An exact copy of the entries is needed, with every picture left out.

[Saved data entries]
__________________________________________________

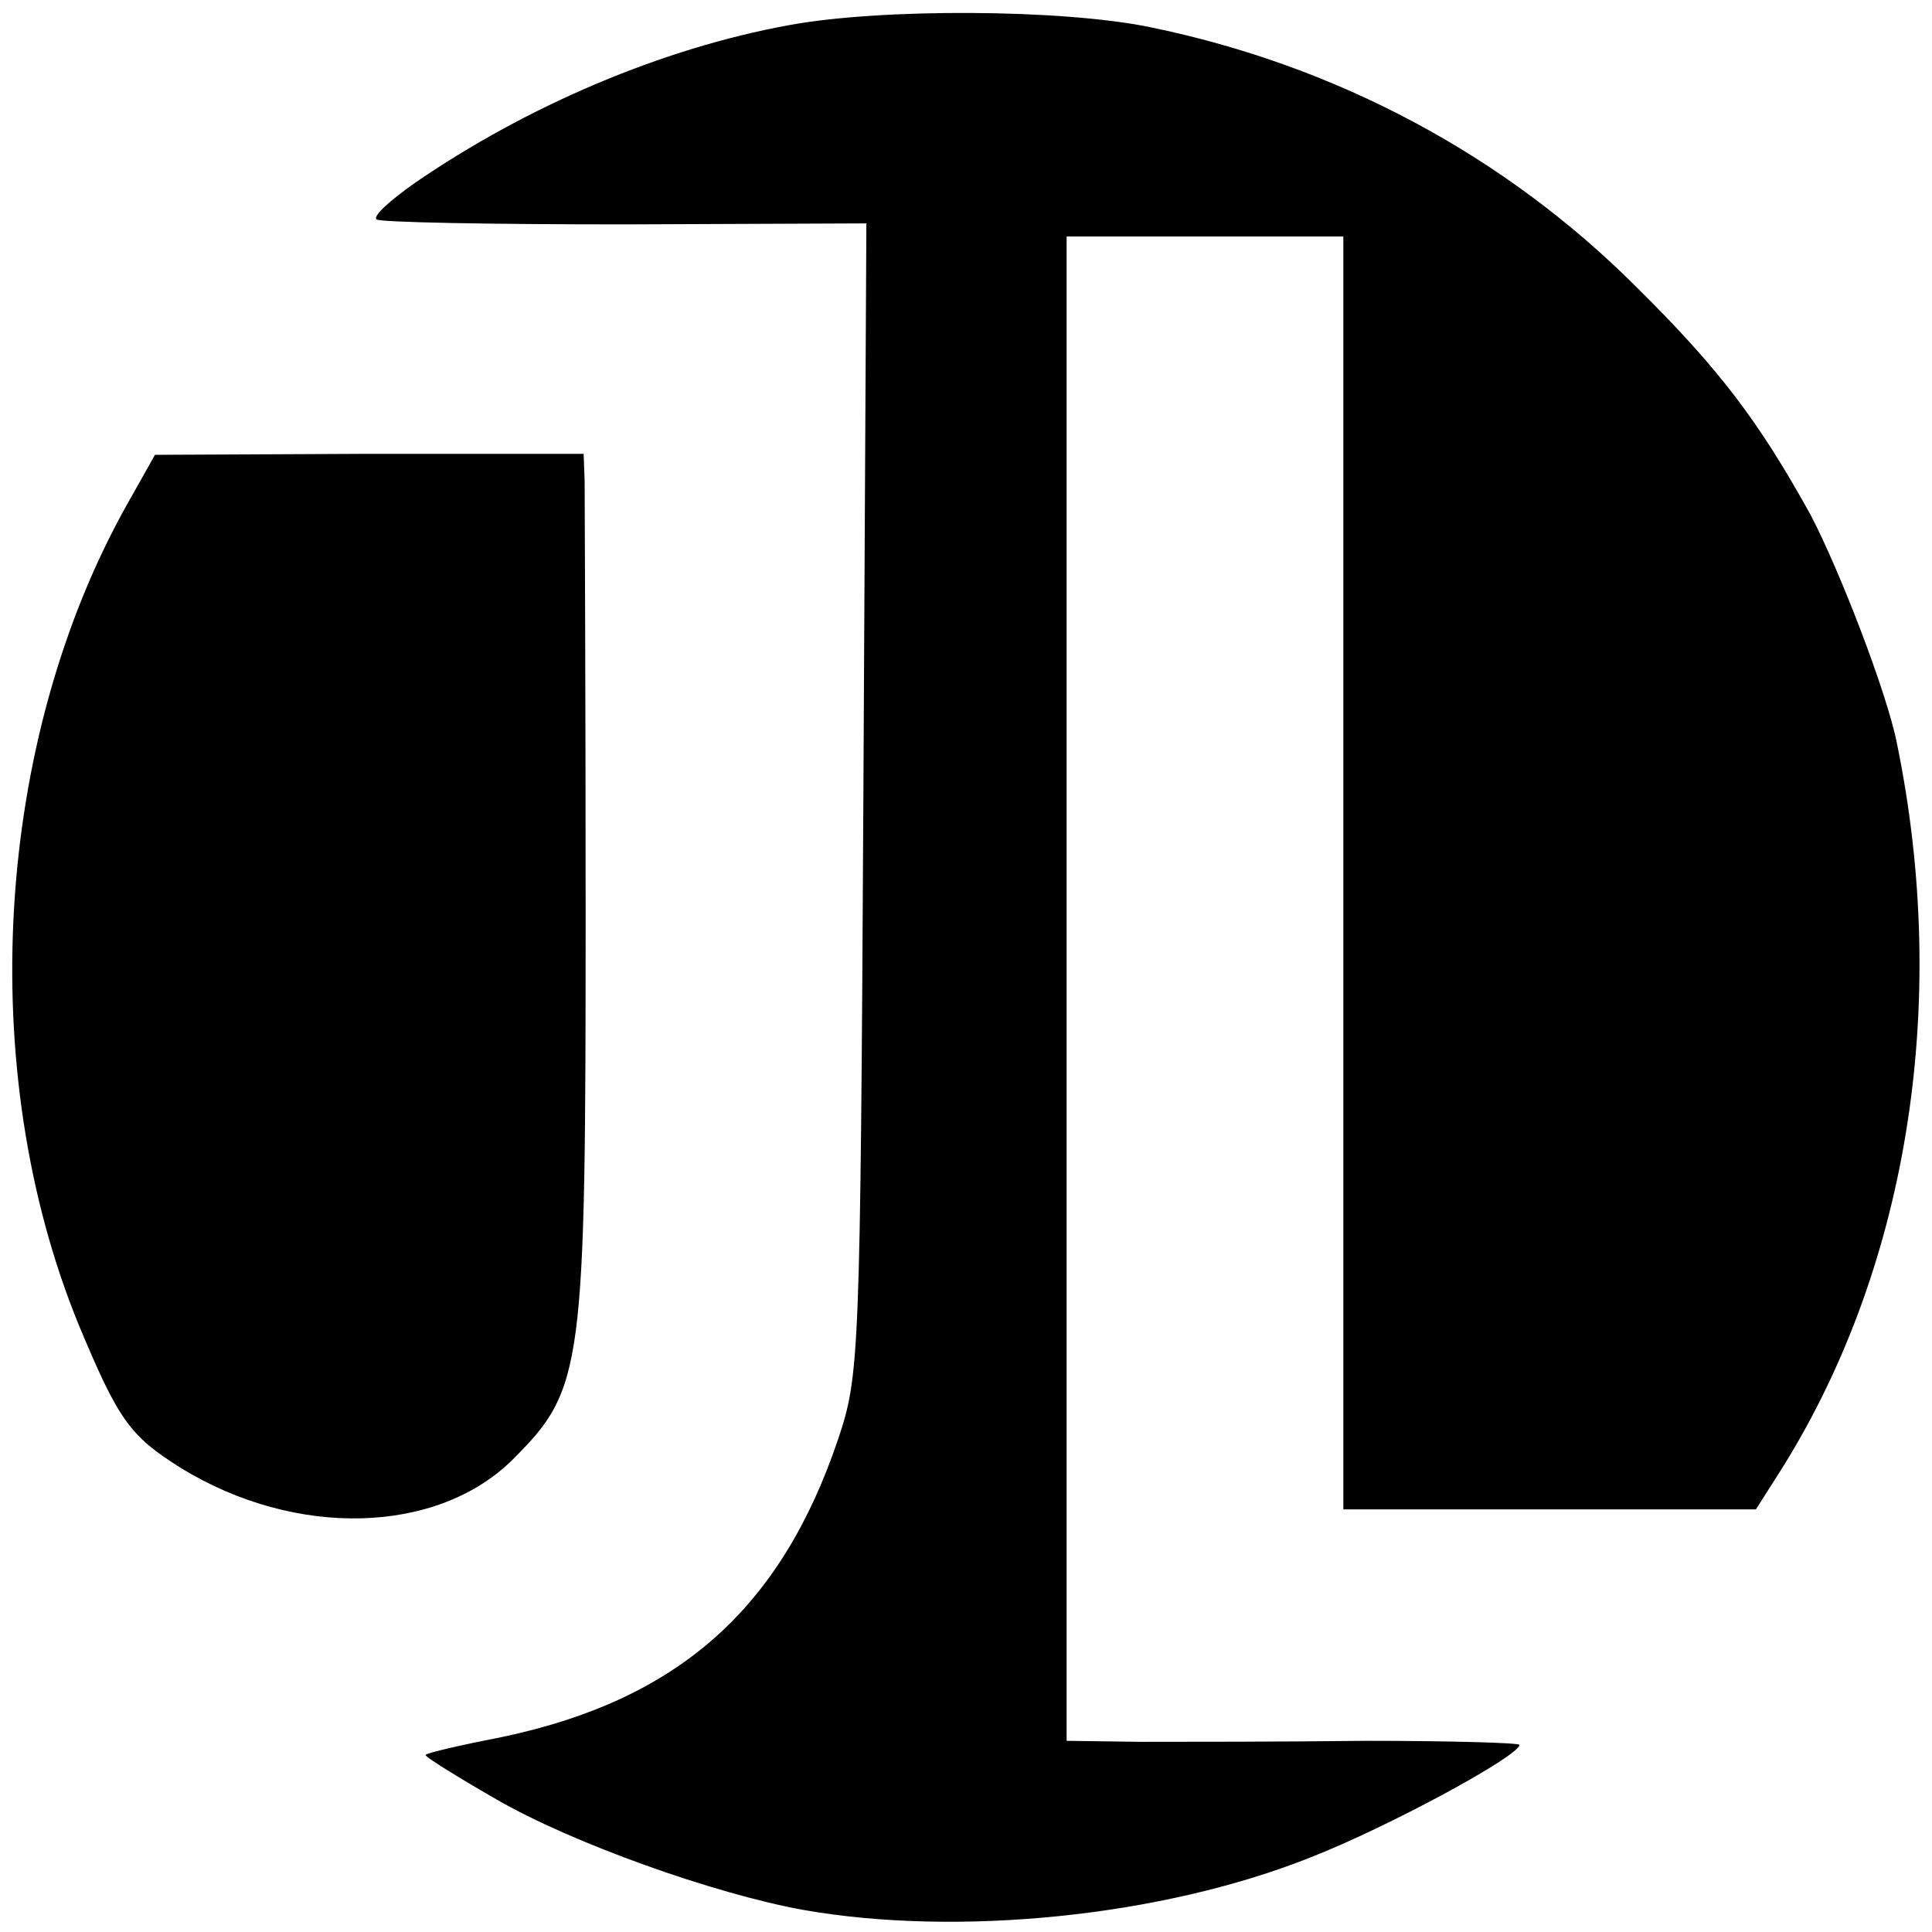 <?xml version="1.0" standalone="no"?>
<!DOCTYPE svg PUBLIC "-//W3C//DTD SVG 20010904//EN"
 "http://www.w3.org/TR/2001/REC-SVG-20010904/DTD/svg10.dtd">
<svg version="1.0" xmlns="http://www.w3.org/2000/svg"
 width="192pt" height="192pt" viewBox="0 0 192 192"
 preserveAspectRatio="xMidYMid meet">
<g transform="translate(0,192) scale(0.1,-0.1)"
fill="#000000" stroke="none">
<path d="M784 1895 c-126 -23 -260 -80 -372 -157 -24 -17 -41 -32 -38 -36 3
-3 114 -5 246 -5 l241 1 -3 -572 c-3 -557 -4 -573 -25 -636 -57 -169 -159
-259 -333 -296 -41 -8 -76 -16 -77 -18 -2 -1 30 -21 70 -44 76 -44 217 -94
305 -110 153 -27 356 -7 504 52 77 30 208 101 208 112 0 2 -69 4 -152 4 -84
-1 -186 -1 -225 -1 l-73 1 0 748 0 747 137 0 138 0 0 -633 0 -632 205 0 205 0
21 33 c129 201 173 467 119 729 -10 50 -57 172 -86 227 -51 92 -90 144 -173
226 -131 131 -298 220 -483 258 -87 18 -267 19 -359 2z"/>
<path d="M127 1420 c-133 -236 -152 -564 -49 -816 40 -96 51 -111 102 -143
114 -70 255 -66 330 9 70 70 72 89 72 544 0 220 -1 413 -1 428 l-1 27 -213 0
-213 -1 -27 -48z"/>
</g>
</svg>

__________________________________________________

* [RESPONSE TO THIS EXERCISE]:
 <?xml version="1.0" standalone="no"?>
<!DOCTYPE svg PUBLIC "-//W3C//DTD SVG 20010904//EN"
 "http://www.w3.org/TR/2001/REC-SVG-20010904/DTD/svg10.dtd">
<svg version="1.0" xmlns="http://www.w3.org/2000/svg"
 width="192pt" height="192pt" viewBox="0 0 192 192"
 preserveAspectRatio="xMidYMid meet">
<g transform="translate(0,192) scale(0.1,-0.1)"
fill="#000000" stroke="none">
<path d="M784 1895 c-126 -23 -260 -80 -372 -157 -24 -17 -41 -32 -38 -36 3
-3 114 -5 246 -5 l241 1 -3 -572 c-3 -557 -4 -573 -25 -636 -57 -169 -159
-259 -333 -296 -41 -8 -76 -16 -77 -18 -2 -1 30 -21 70 -44 76 -44 217 -94
305 -110 153 -27 356 -7 504 52 77 30 208 101 208 112 0 2 -69 4 -152 4 -84
-1 -186 -1 -225 -1 l-73 1 0 748 0 747 137 0 138 0 0 -633 0 -632 205 0 205 0
21 33 c129 201 173 467 119 729 -10 50 -57 172 -86 227 -51 92 -90 144 -173
226 -131 131 -298 220 -483 258 -87 18 -267 19 -359 2z"/>
<path d="M127 1420 c-133 -236 -152 -564 -49 -816 40 -96 51 -111 102 -143
114 -70 255 -66 330 9 70 70 72 89 72 544 0 220 -1 413 -1 428 l-1 27 -213 0
-213 -1 -27 -48z"/>
</g>
</svg>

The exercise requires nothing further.